A l’heure ou Edwy Plenel se défend dans le Club de Médiapart avec ardeur pour protéger son livre, mais surtout, le message de son livre contre l’énorme boulette qatarie ( à savoir qu’il est difficile de se prétendre sympathisant de l’islam et d’aller coucher ailleurs en public, hors mariage), il me semble qu’il est sain pour le débat que j’apporte humblement mes éléments de réponses sur le débat qui maintenant , fait même douter Le Monde « Est-on ou non avec Bachar ? ». (Notons au passage que je suis heureuse et fière qu’un travail de fourmi ait pu encourager mon ex employeur vers la voie de l’humour, du réalisme et disons-le tout net, de la sortie du lit des putes, comprenne qui voudra)

Donc un faisceau  de gens outrés incluant : certains révolutionnaires syriens, Edwy (mon ex-chef, ça ne s’oublie pas), Nomados (un lecteur de Médiapart au pedigree bien flou), Peter Harling (un observateur réputé du think tank International Crisis group), le prof d’éco soixante hui tard du lycée de Suresnes et une joyeuse journaliste un peu légère mais brillante dont je tairais le nom car je suis femme, moi aussi.

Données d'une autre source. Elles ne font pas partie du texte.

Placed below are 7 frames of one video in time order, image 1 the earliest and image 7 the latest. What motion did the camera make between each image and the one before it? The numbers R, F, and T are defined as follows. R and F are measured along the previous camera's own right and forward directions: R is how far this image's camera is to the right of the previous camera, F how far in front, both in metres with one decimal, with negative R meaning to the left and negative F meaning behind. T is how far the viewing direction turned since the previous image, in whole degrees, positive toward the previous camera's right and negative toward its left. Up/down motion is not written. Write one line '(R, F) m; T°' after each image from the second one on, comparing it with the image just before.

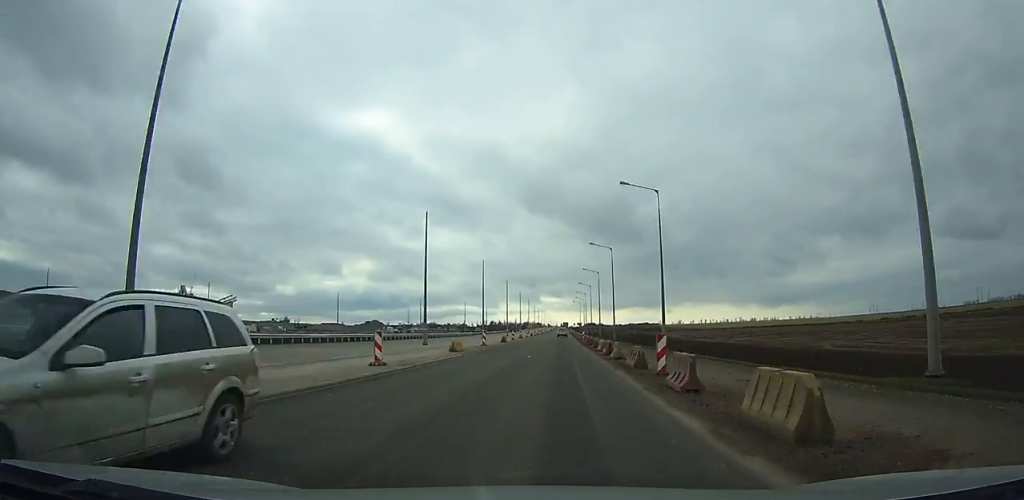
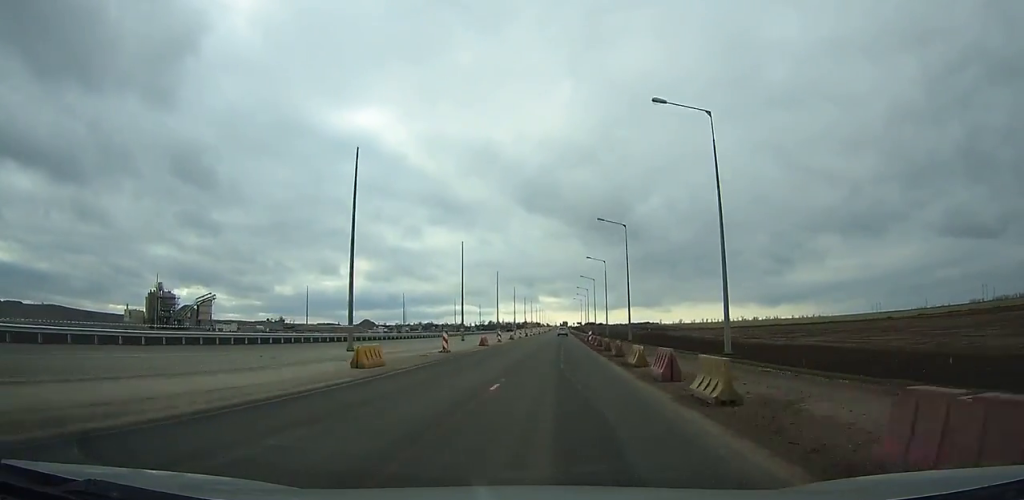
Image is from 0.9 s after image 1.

Tous ces gens-là disent à leur façon la même chose : « Il est strictement impossible de parler à Bachar et surtout de réfléchir à l’accepter dans une équipe « validée à l’international » de redémarrage du pays (dont la taille et même l’existence n’est pas un fait acquis) car c’est « une position philosophique insoutenable ». C’est-à-dire que « qu’il est méchant, il est violent, il est tyrannique, il est un boucher, il est anti démocrate, il est le fils de son père, il est Baath, il torture, il ment, il n’est pas de taille face à la vieille garde de sadiques avec qui il manigance ses horreurs et en plus cet enfoiré total……..ne fait pas ce qu’on lui dit : il veut rester au pouvoir »

« Comprenez nous ! » hurlent les révolutionnaires et Farouk Marwann Bey pleure. (Farouk Marwann Bey est un intellectuel syrien installé en France, qui a fui Hafez, est devenu un grand pote d’Edwy et gère avec talent de la collection Babel chez Actes Sud)

« On ne peut pas , nous français, être pour un tyran ! Tous ceux qui le font devraient avoir honte ! » martèle Nomados

« Le Régime n’a plus rien offrir » déclare Peter Harling, au téléphone à Médiapart

« J’ai trop combattu ce genre de gars pour imaginer de le défendre » me dit le prof du lycée

« Il est méchant car nous autre journaliste devons lutter pour la liberté d’expression et alors là…. fait moi rire ! » glisse entre ses mots ma copine journaliste.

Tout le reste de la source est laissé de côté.